After discussing the principle of prayer at length (Matthew 6:5-15), Jesus came to the principle of fasting (Matthew 6:16). When we think of a fast, we think of abstaining from food and liquids, although some fasts allow one to drink water. Nevertheless, the idea behind a fast is one is in mourning, and one’s grief doesn’t permit him to eat or drink. In other words, when one is in mourning, he has no appetite. Therefore, he doesn’t eat or drink liquids, other than water.
Daniel fasted for 21 days, while he prayed that the Lord would reveal more to him about the Seventy Weeks Prophecy of Daniel 9. Daniel said that he didn’t eat any “pleasant bread” and either adds to this or defines pleasant food as flesh and wine (Daniel 10:1).
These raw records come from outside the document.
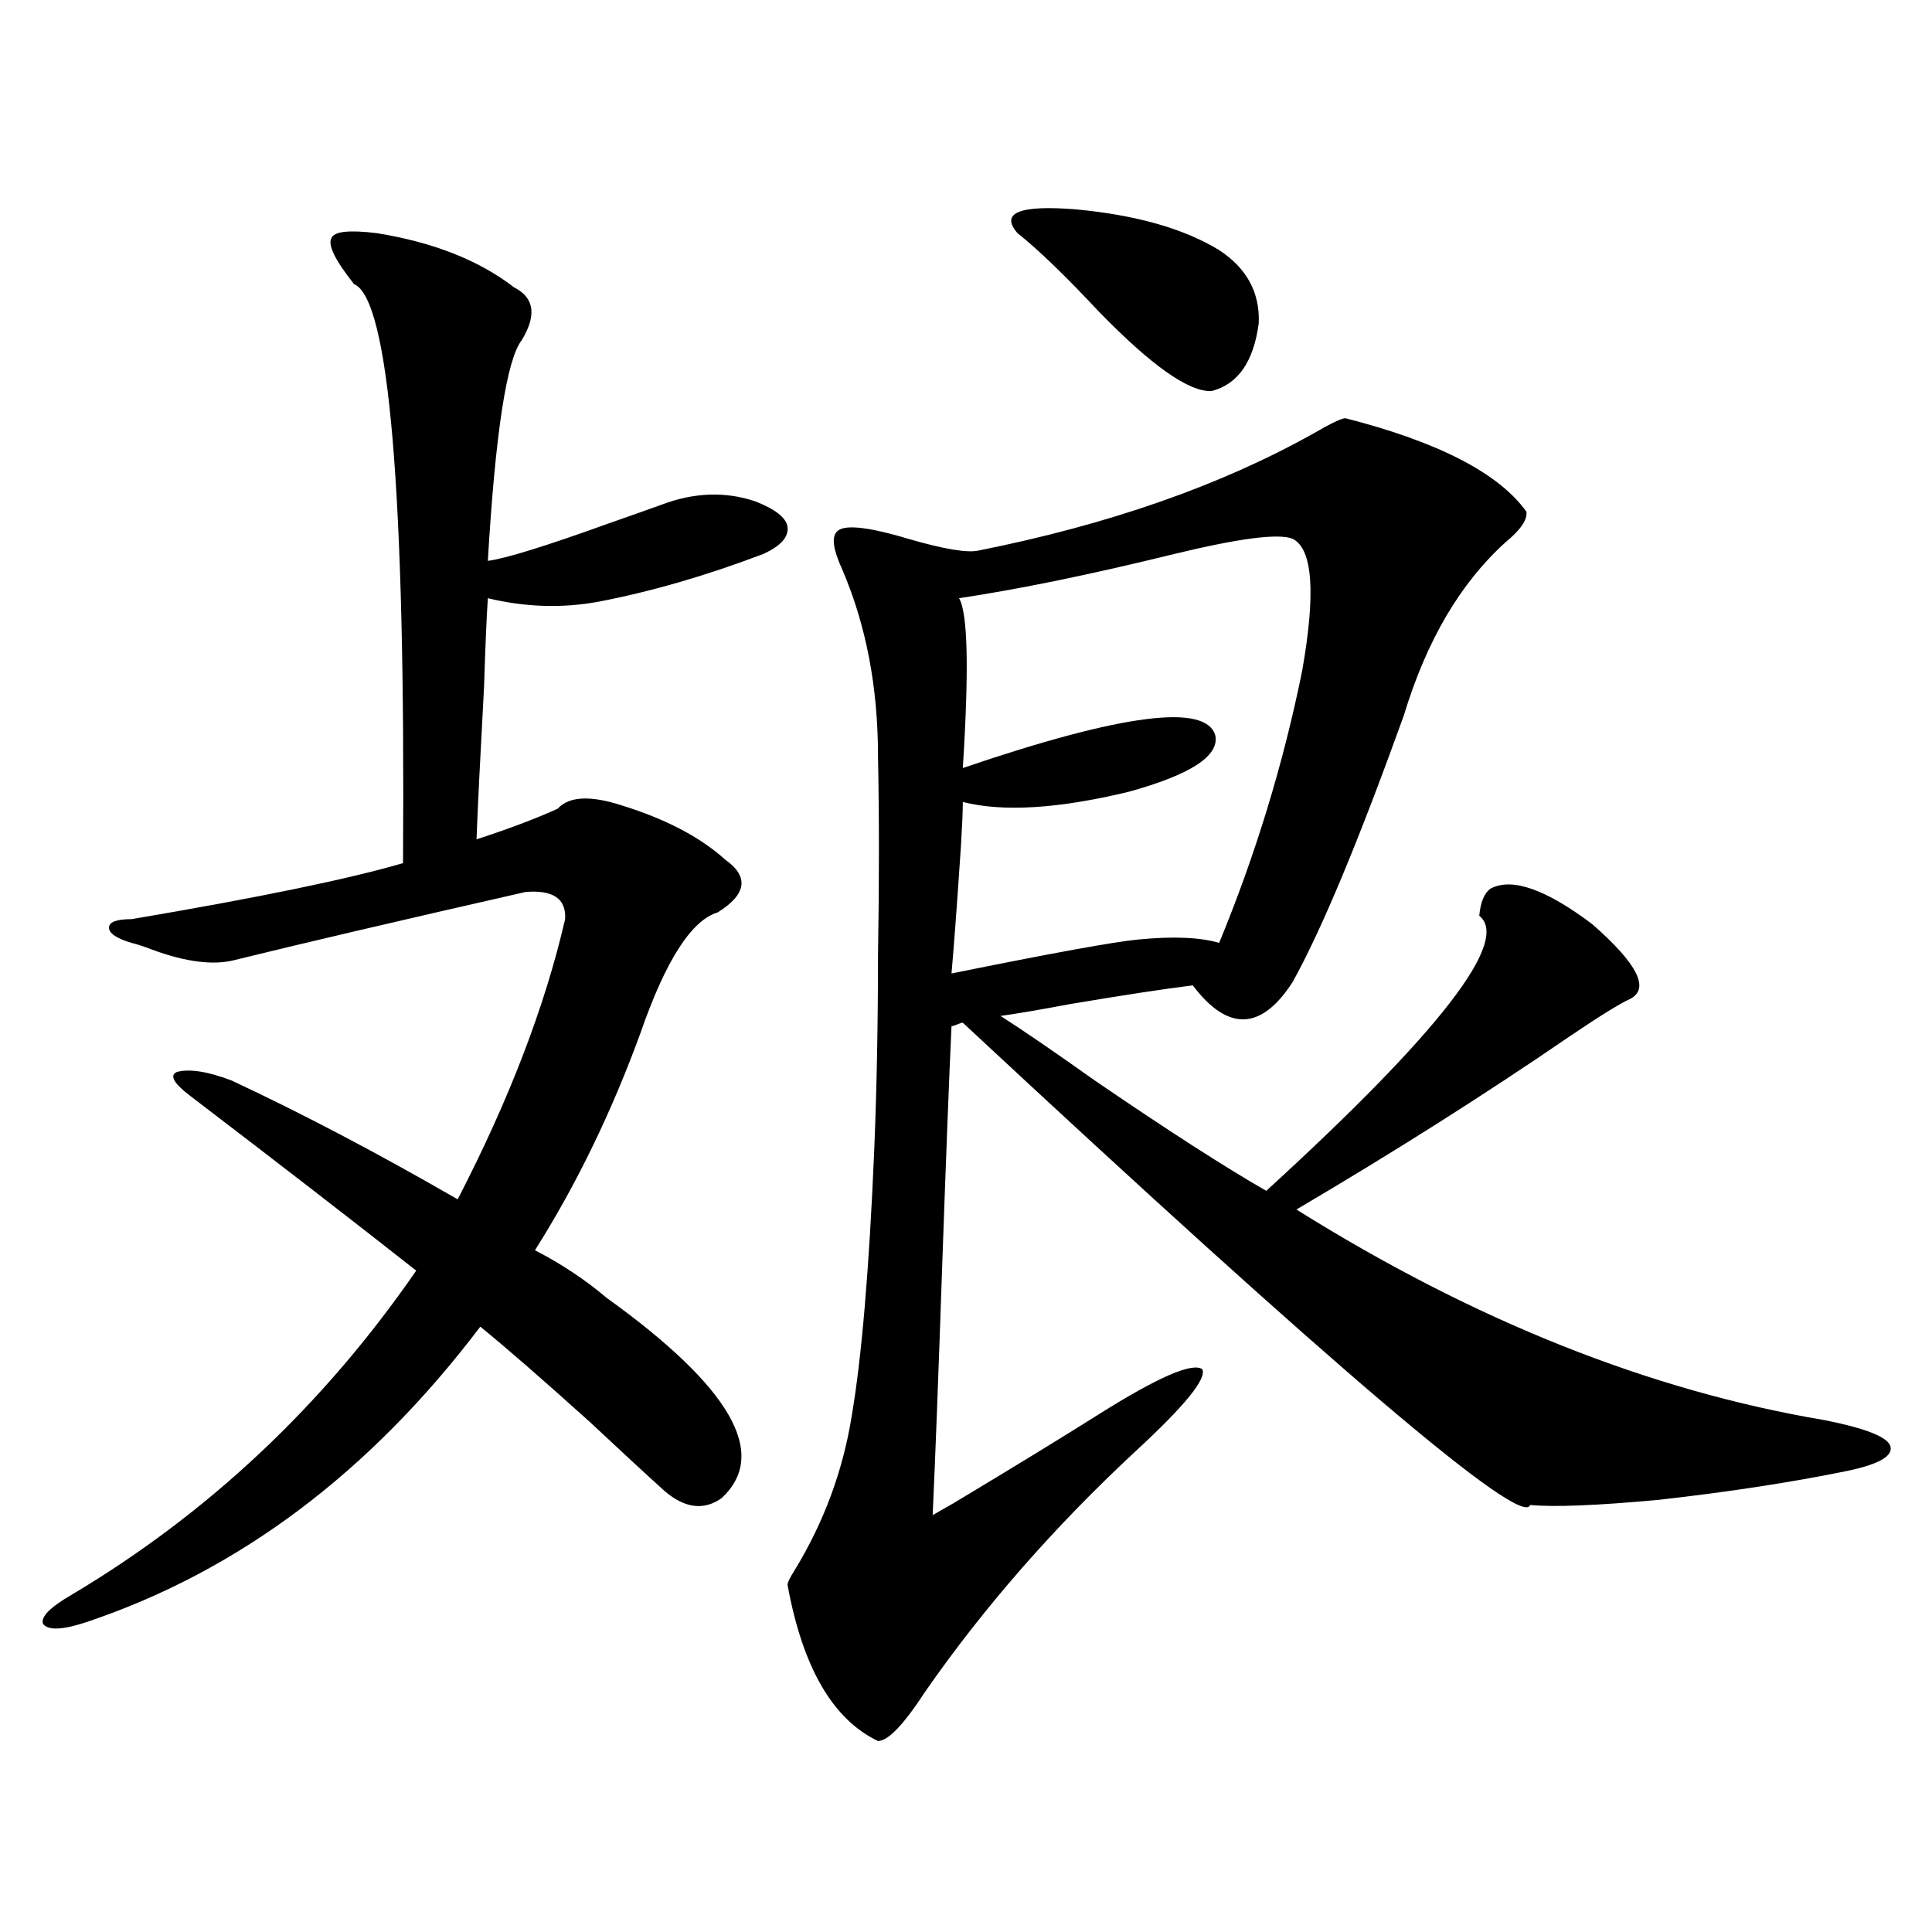 <?xml version="1.0" encoding="utf-8"?>
<!-- Generator: Adobe Illustrator 16.0.0, SVG Export Plug-In . SVG Version: 6.00 Build 0)  -->
<!DOCTYPE svg PUBLIC "-//W3C//DTD SVG 1.1//EN" "http://www.w3.org/Graphics/SVG/1.1/DTD/svg11.dtd">
<svg version="1.1" id="图层_1" xmlns="http://www.w3.org/2000/svg" xmlns:xlink="http://www.w3.org/1999/xlink" x="0px" y="0px"
	 width="1000px" height="1000px" viewBox="0 0 1000 1000" enable-background="new 0 0 1000 1000" xml:space="preserve">
<path d="M68.12,488.051c-7.805-2.335-11.707-4.972-11.707-7.91c0-2.925,3.902-4.395,11.707-4.395
	c65.685-11.124,112.513-20.792,140.484-29.004c1.296-192.179-7.164-292.085-25.365-299.707
	c-9.756-12.305-13.658-20.215-11.707-23.73c1.296-3.516,9.101-4.395,23.414-2.637c29.268,4.696,53.002,14.063,71.218,28.125
	c10.396,5.273,11.707,14.364,3.902,27.246c-7.805,9.97-13.658,48.052-17.561,114.258c9.101-1.167,29.908-7.608,62.438-19.336
	c11.707-4.093,20.808-7.319,27.316-9.668c16.905-6.44,33.17-7.031,48.779-1.758c10.396,4.106,15.93,8.501,16.585,13.184
	c0.641,5.273-3.582,9.97-12.683,14.063c-29.268,11.138-57.56,19.336-84.876,24.609c-18.871,3.516-38.048,2.938-57.56-1.758
	c-0.655,9.97-1.311,25.2-1.951,45.703c-1.951,35.747-3.262,62.114-3.902,79.102c16.25-5.273,30.243-10.547,41.95-15.82
	c5.854-6.44,16.905-7.031,33.17-1.758c22.759,7.031,40.64,16.411,53.657,28.125c12.348,8.789,11.052,17.88-3.902,27.246
	c-13.658,4.106-26.996,24.911-39.999,62.402c-14.969,41.021-33.17,78.524-54.633,112.5c13.658,7.031,26.006,15.243,37.072,24.609
	c64.389,46.294,84.221,80.859,59.511,103.711c-9.115,6.454-18.871,5.273-29.268-3.516c-9.115-8.198-22.118-20.215-39.023-36.035
	c-24.725-22.261-43.581-38.672-56.584-49.219c-57.239,75.586-125.21,126.563-203.897,152.93
	c-12.362,4.093-19.847,4.395-22.438,0.879c-1.311-3.516,3.567-8.501,14.634-14.941c70.883-42.188,130.394-98.136,178.532-167.871
	c-31.219-24.609-70.242-54.78-117.07-90.527c-8.46-6.44-10.731-10.547-6.829-12.305c6.494-1.758,15.93-0.288,28.292,4.395
	c36.417,17.001,75.44,37.505,117.07,61.523c26.661-51.554,45.197-99.894,55.608-145.02c0.641-10.547-6.188-15.229-20.487-14.063
	c-66.995,15.243-117.07,26.958-150.24,35.156c-11.066,2.938-25.365,1.181-42.926-5.273C74.294,489.809,70.712,488.642,68.12,488.051
	z M696.397,216.469c48.124,12.305,79.343,28.427,93.656,48.34c0.641,4.106-2.927,9.38-10.731,15.82
	c-23.414,21.094-40.975,50.977-52.682,89.648c-23.414,65.039-42.605,111.044-57.56,137.988c-16.265,25.2-33.505,25.79-51.706,1.758
	c-14.313,1.758-35.456,4.985-63.413,9.668c-15.609,2.938-27.651,4.985-36.097,6.152c11.052,7.031,27.316,18.169,48.779,33.398
	c37.713,25.79,67.315,44.824,88.778,57.129c89.754-82.026,126.491-129.487,110.241-142.383c0.641-7.031,2.592-11.714,5.854-14.063
	c11.052-5.851,28.612,0.302,52.682,18.457c23.414,20.517,29.908,33.398,19.512,38.672c-5.213,2.349-15.609,8.789-31.219,19.336
	c-43.581,29.883-90.729,59.766-141.46,89.648c91.705,57.431,182.755,93.755,273.164,108.984
	c20.808,4.106,32.194,8.501,34.146,13.184c1.951,5.273-5.533,9.668-22.438,13.184c-28.627,5.864-61.142,10.849-97.559,14.941
	c-31.874,2.938-53.992,3.817-66.34,2.637c-3.902,12.305-101.796-70.89-293.651-249.609c-0.655,0-1.631,0.302-2.927,0.879
	c-1.311,0.591-2.286,0.879-2.927,0.879c-1.311,28.125-2.927,70.024-4.878,125.684c-1.951,56.841-3.582,99.316-4.878,127.441
	c1.951-1.167,5.519-3.214,10.731-6.152c31.219-18.745,56.584-34.277,76.096-46.582c29.908-18.745,47.469-26.367,52.682-22.852
	c2.592,4.696-8.78,18.759-34.146,42.188c-42.285,39.263-78.702,80.859-109.266,124.805c-11.066,16.987-19.191,25.488-24.39,25.488
	c-23.414-11.138-39.023-38.095-46.828-80.859c0-1.181,1.296-3.817,3.902-7.91c14.954-24.609,24.71-50.977,29.268-79.102
	c5.198-30.46,9.101-76.465,11.707-137.988c1.296-31.641,1.951-65.327,1.951-101.074c0.641-36.914,0.641-71.191,0-102.832
	c0-35.733-6.188-67.964-18.536-96.68c-4.558-9.956-5.533-16.397-2.927-19.336c3.247-4.093,15.609-2.925,37.072,3.516
	c18.201,5.273,30.243,7.333,36.097,6.152c67.636-13.472,125.516-33.687,173.654-60.645
	C688.913,219.105,694.446,216.469,696.397,216.469z M498.354,415.102c0,4.696-0.335,12.305-0.976,22.852
	c-1.951,29.306-3.582,51.278-4.878,65.918c52.026-10.547,84.221-16.397,96.583-17.578c18.201-1.758,32.194-1.167,41.95,1.758
	c18.856-45.703,33.17-92.573,42.926-140.625c7.149-40.43,5.519-63.281-4.878-68.555c-7.164-2.925-27.651-0.288-61.462,7.91
	c-42.926,10.547-79.998,18.169-111.217,22.852c4.543,7.622,5.198,36.914,1.951,87.891c82.59-28.125,126.171-33.687,130.729-16.699
	c1.951,10.547-13.018,20.215-44.877,29.004C547.773,418.617,519.161,420.375,498.354,415.102z M526.646,120.668
	c-9.115-10.547,0.976-14.64,30.243-12.305c31.219,2.938,55.929,9.97,74.145,21.094c14.299,9.38,21.128,21.973,20.487,37.793
	c-2.606,19.927-10.731,31.641-24.39,35.156c-11.707,0.591-31.219-13.184-58.535-41.309
	C551.035,142.353,537.042,128.88,526.646,120.668z"/>
</svg>

In other words, Daniel may have eaten food that wasn’t considered pleasant, or described as flesh and wine. He tells us that his fast extended from the 3rd day of the first month and didn’t end until the 24th day of the month, which means he fasted through the Passover. Jews are commanded in the Law to eat unleavened bread during the Passover season (Exodus 12:15, 18; from the 14th to the 21st of the first month). Unleavened bread is called “the bread of affliction” (Deuteronomy 16:3), and, therefore, couldn’t be the pleasant food, which Daniel claimed he abstained from (Daniel 10:1).
Daniel was in mourning, because he had been told that the Messiah would come, but he would be cut off (Daniel 9:26) and that Jerusalem would be destroyed again in a war. Therefore, Daniel fasted and prayed that the Lord would explain this in further detail. It wasn’t a matter of choice. Instead, it was something that resulted from his mourning over the culmination of the Seventy Weeks Prophecy (Daniel 9:24-27).
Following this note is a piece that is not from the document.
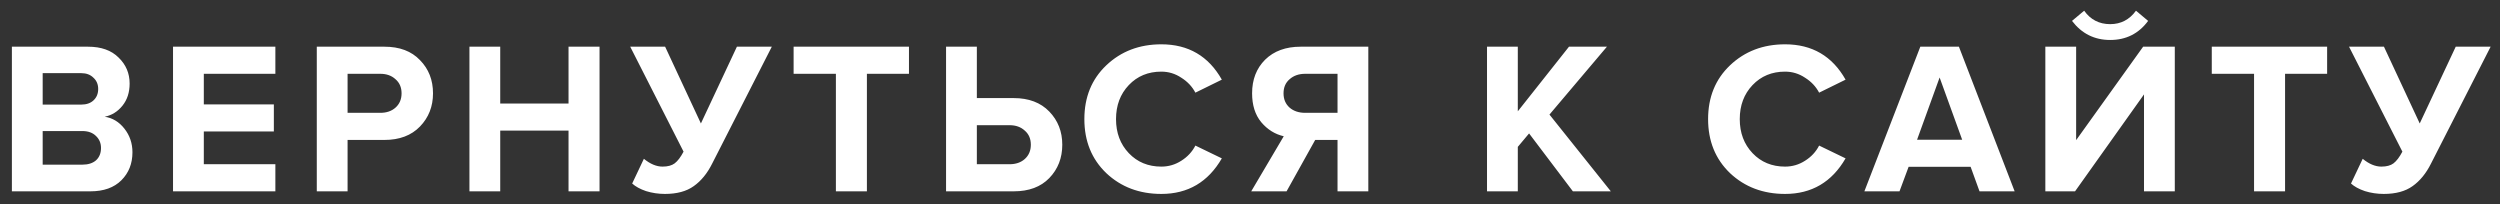 <?xml version="1.0" encoding="UTF-8"?> <svg xmlns="http://www.w3.org/2000/svg" width="196" height="16" viewBox="0 0 196 16" fill="none"><rect x="0" y="0" width="196" height="16" fill="#333333" stroke="none"/> <path d="M7.086 15H0.932V3.661H6.899C7.931 3.661 8.73 3.944 9.296 4.511C9.874 5.066 10.163 5.746 10.163 6.551C10.163 7.242 9.976 7.82 9.602 8.285C9.228 8.75 8.764 9.039 8.208 9.152C8.82 9.243 9.336 9.554 9.755 10.087C10.175 10.62 10.384 11.237 10.384 11.94C10.384 12.824 10.095 13.555 9.517 14.133C8.939 14.711 8.129 15 7.086 15ZM6.372 8.2C6.78 8.2 7.103 8.087 7.341 7.86C7.579 7.633 7.698 7.339 7.698 6.976C7.698 6.613 7.574 6.319 7.324 6.092C7.086 5.854 6.769 5.735 6.372 5.735H3.346V8.2H6.372ZM6.457 12.909C6.911 12.909 7.268 12.796 7.528 12.569C7.789 12.331 7.919 12.008 7.919 11.6C7.919 11.226 7.789 10.914 7.528 10.665C7.268 10.404 6.911 10.274 6.457 10.274H3.346V12.909H6.457ZM21.589 15H13.565V3.661H21.589V5.786H15.979V8.183H21.47V10.308H15.979V12.875H21.589V15ZM27.25 15H24.836V3.661H30.14C31.33 3.661 32.259 4.012 32.928 4.715C33.608 5.406 33.948 6.273 33.948 7.316C33.948 8.347 33.608 9.214 32.928 9.917C32.248 10.62 31.319 10.971 30.14 10.971H27.25V15ZM29.817 8.846C30.304 8.846 30.701 8.71 31.007 8.438C31.324 8.155 31.483 7.781 31.483 7.316C31.483 6.851 31.324 6.483 31.007 6.211C30.701 5.928 30.304 5.786 29.817 5.786H27.25V8.846H29.817ZM47.004 15H44.573V10.24H39.218V15H36.804V3.661H39.218V8.115H44.573V3.661H47.004V15ZM52.129 15.204C51.619 15.204 51.126 15.13 50.65 14.983C50.185 14.824 49.823 14.626 49.562 14.388L50.48 12.45C50.979 12.858 51.466 13.062 51.942 13.062C52.35 13.062 52.667 12.977 52.894 12.807C53.132 12.626 53.364 12.32 53.591 11.889L49.409 3.661H52.146L54.951 9.679L57.773 3.661H60.51L55.835 12.824C55.45 13.595 54.968 14.184 54.39 14.592C53.823 15 53.07 15.204 52.129 15.204ZM67.965 15H65.534V5.786H62.219V3.661H71.263V5.786H67.965V15ZM74.171 3.661H76.585V7.69H79.475C80.653 7.69 81.583 8.041 82.263 8.744C82.943 9.447 83.283 10.314 83.283 11.345C83.283 12.388 82.943 13.26 82.263 13.963C81.594 14.654 80.665 15 79.475 15H74.171V3.661ZM79.152 9.815H76.585V12.875H79.152C79.639 12.875 80.036 12.739 80.342 12.467C80.659 12.184 80.818 11.81 80.818 11.345C80.818 10.88 80.659 10.512 80.342 10.24C80.036 9.957 79.639 9.815 79.152 9.815ZM91.049 15.204C89.326 15.204 87.887 14.66 86.731 13.572C85.586 12.473 85.014 11.062 85.014 9.339C85.014 7.616 85.586 6.211 86.731 5.123C87.887 4.024 89.326 3.474 91.049 3.474C93.168 3.474 94.749 4.398 95.792 6.245L93.718 7.265C93.469 6.789 93.1 6.398 92.613 6.092C92.137 5.775 91.616 5.616 91.049 5.616C90.018 5.616 89.168 5.967 88.499 6.67C87.83 7.373 87.496 8.262 87.496 9.339C87.496 10.416 87.83 11.305 88.499 12.008C89.168 12.711 90.018 13.062 91.049 13.062C91.616 13.062 92.137 12.909 92.613 12.603C93.1 12.297 93.469 11.9 93.718 11.413L95.792 12.416C94.715 14.275 93.134 15.204 91.049 15.204ZM100.867 15H98.096L100.646 10.682C99.954 10.523 99.365 10.155 98.878 9.577C98.402 8.999 98.164 8.245 98.164 7.316C98.164 6.239 98.504 5.361 99.184 4.681C99.875 4.001 100.804 3.661 101.972 3.661H107.276V15H104.862V10.971H103.111L100.867 15ZM102.329 8.846H104.862V5.786H102.329C101.83 5.786 101.422 5.928 101.105 6.211C100.787 6.483 100.629 6.851 100.629 7.316C100.629 7.781 100.787 8.155 101.105 8.438C101.422 8.71 101.83 8.846 102.329 8.846ZM126.289 15H123.314L119.88 10.461L118.996 11.515V15H116.582V3.661H118.996V8.727L123.008 3.661H125.983L121.478 8.982L126.289 15ZM139.95 15.204C138.228 15.204 136.788 14.66 135.632 13.572C134.488 12.473 133.915 11.062 133.915 9.339C133.915 7.616 134.488 6.211 135.632 5.123C136.788 4.024 138.228 3.474 139.95 3.474C142.07 3.474 143.651 4.398 144.693 6.245L142.619 7.265C142.37 6.789 142.002 6.398 141.514 6.092C141.038 5.775 140.517 5.616 139.95 5.616C138.919 5.616 138.069 5.967 137.4 6.67C136.732 7.373 136.397 8.262 136.397 9.339C136.397 10.416 136.732 11.305 137.4 12.008C138.069 12.711 138.919 13.062 139.95 13.062C140.517 13.062 141.038 12.909 141.514 12.603C142.002 12.297 142.37 11.9 142.619 11.413L144.693 12.416C143.617 14.275 142.036 15.204 139.95 15.204ZM157.948 15H155.194L154.497 13.079H149.635L148.921 15H146.167L150.553 3.661H153.579L157.948 15ZM153.834 10.954L152.066 6.075L150.298 10.954H153.834ZM162.684 15H160.355V3.661H162.769V10.988L168.022 3.661H170.504V15H168.09V7.401L162.684 15ZM168.413 1.638C167.677 2.635 166.685 3.134 165.438 3.134C164.203 3.134 163.206 2.635 162.446 1.638L163.398 0.839C163.897 1.542 164.577 1.893 165.438 1.893C166.277 1.893 166.951 1.542 167.461 0.839L168.413 1.638ZM179.149 15H176.718V5.786H173.403V3.661H182.447V5.786H179.149V15ZM186.885 15.204C186.375 15.204 185.882 15.13 185.406 14.983C184.941 14.824 184.578 14.626 184.318 14.388L185.236 12.45C185.734 12.858 186.222 13.062 186.698 13.062C187.106 13.062 187.423 12.977 187.65 12.807C187.888 12.626 188.12 12.32 188.347 11.889L184.165 3.661H186.902L189.707 9.679L192.529 3.661H195.266L190.591 12.824C190.205 13.595 189.724 14.184 189.146 14.592C188.579 15 187.825 15.204 186.885 15.204Z" fill="white"></path> </svg>

The Prophet Isaiah tells us that the people complained to the Lord, saying they had fasted, but the Lord didn’t notice, but the Lord replied that, when they fasted, they acted selfishly and oppressed their workers (Isaiah 58:3). Their fasting was over quarrels, debates and over humiliating others, but why would they expect the Lord to hear their cries for the satisfaction of their flesh (Isaiah 58:4)? Then, God asked them, if ritual posturing and afflicting oneself was a proper fast that he would choose to notice (Isaiah 58:5). Instead of rituals, the Lord told the people through Isaiah, the prophet, that the fast he chose is the one, where one ceased his wickedness and stopped oppressing their brethren with burdensome contracts and “cancel every unjust account.” Instead of doing wickedly, behave yourselves with kindness and mercy by sharing what you have in abundance with those who have not, by giving shelter to the homeless and clothing the naked, and by making yourself available especially to the needs of your own family (Isaiah 58:6-7).
Fasting is more than a religious ritual; it was more than not eating or drinking, and more than putting on sackcloth and covering oneself in ashes (symbols of mourning). Fasting was the fruit of one’s mourning. Refusing to eat or drink isn’t a choice in a fast. Rather, it’s the outgrowth of one’s grief over a certain matter. One simply doesn’t eat or drink, when one is in mourning. Nevertheless, those whose religion is nothing but rituals, have their reward (Matthew 6:16).
According to Jesus, fasting should be entered into with joy and shouldn’t be announced to the world with rituals. Instead, it should be the disciples’ joy to be kind and merciful to others. It should be counted a joyful matter to repent, to stop oppressing others and instead feed and clothe those in need, giving them shelter and simply making oneself and one’s resources available to the needy. This is the fast, which the Lord has chosen, and he will see what we do in secret that isn’t ritualistically displayed before the world, and he will reward his obedient disciples openly (Matthew 6:17-18).